Журнал «Новый мир» - Новый мир. № 9, 2003
В антракте, прогуливаясь с ним среди небожителей по небесному фойе под портретами гениальных незнакомцев, Аня заботливо спросила у него, не скучно ли ему было, Седьмой концерт сложноват для первого прослушивания, но Витя, бдительно следя, чтобы не заголосить, пылко заверил ее, что даже сами звуки в отдельности до того прекрасны… Просто удивительно — смотри, ведь если бы какие-то мастера не сумели выработать звуков настолько красивых, то и ни один бы Рихтер… Какой ты у меня технарь, воркующе засмеялась она, мой папа тоже про децибелы сразу начинал рассуждать, он говорил, что ходит в филармонию как в баню, очиститься изнутри.
Кажется, наглец в Витиной душе чем-то остался не вполне доволен, но для самого Вити всякое сравнение с ее отцом было радостным. Тем не менее он старался быть повзрослее. Он засел за музыкальный словарь и, по Аниным словам, удивительно скоро насобачился осторожненько вворачивать что-нибудь насчет рапсодий и скерцо, синкоп и флажолетов, код и каденций, интерлюдий и интерпретаций.
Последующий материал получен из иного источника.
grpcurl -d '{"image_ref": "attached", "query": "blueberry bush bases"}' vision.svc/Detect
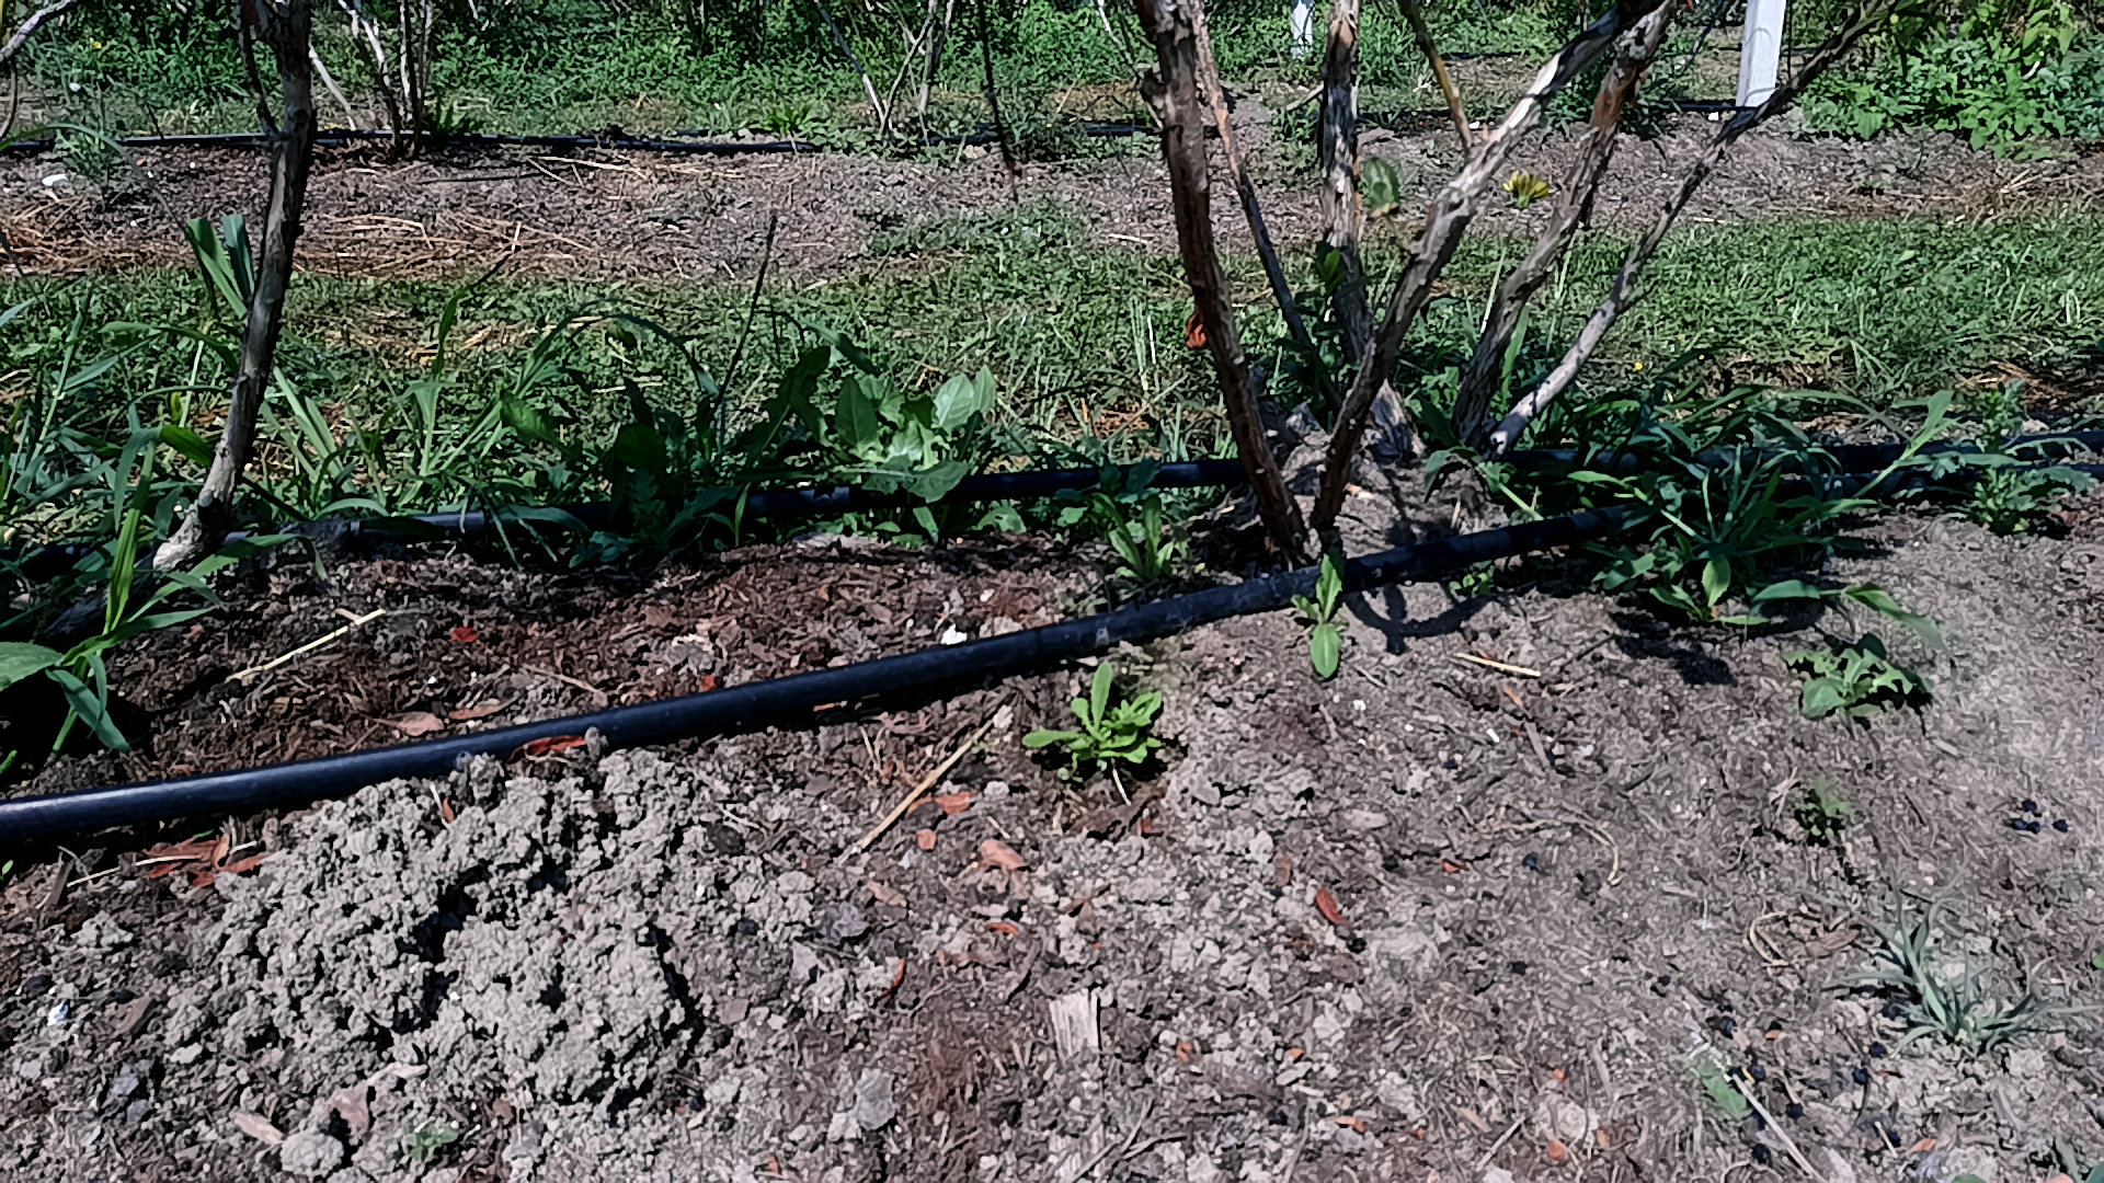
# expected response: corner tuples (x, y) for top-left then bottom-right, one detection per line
(826, 57), (967, 165)
(0, 388), (302, 819)
(317, 43), (488, 171)
(1179, 285), (1646, 678)
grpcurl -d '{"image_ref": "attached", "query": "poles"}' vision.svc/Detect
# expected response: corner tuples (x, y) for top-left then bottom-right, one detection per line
(1738, 3), (1788, 104)
(1284, 0), (1316, 53)

Однако недоступный убеждению наглец в своей неприступной берлоге стоял на прежнем: да, те, кто делает что-то лучше других — пускай намного, неизмеримо лучше, — те, конечно, большие молодцы, и все же истинный гений совершает нечто ровно противоположное: он не заставляет нас восхищаться, до чего здорово сделано, а отнимает у нас способность разглядывать и рассуждать, рождает в нас единственное чувство: «Не может быть!..»
Но Витя знал, что наглецам давать воли нельзя.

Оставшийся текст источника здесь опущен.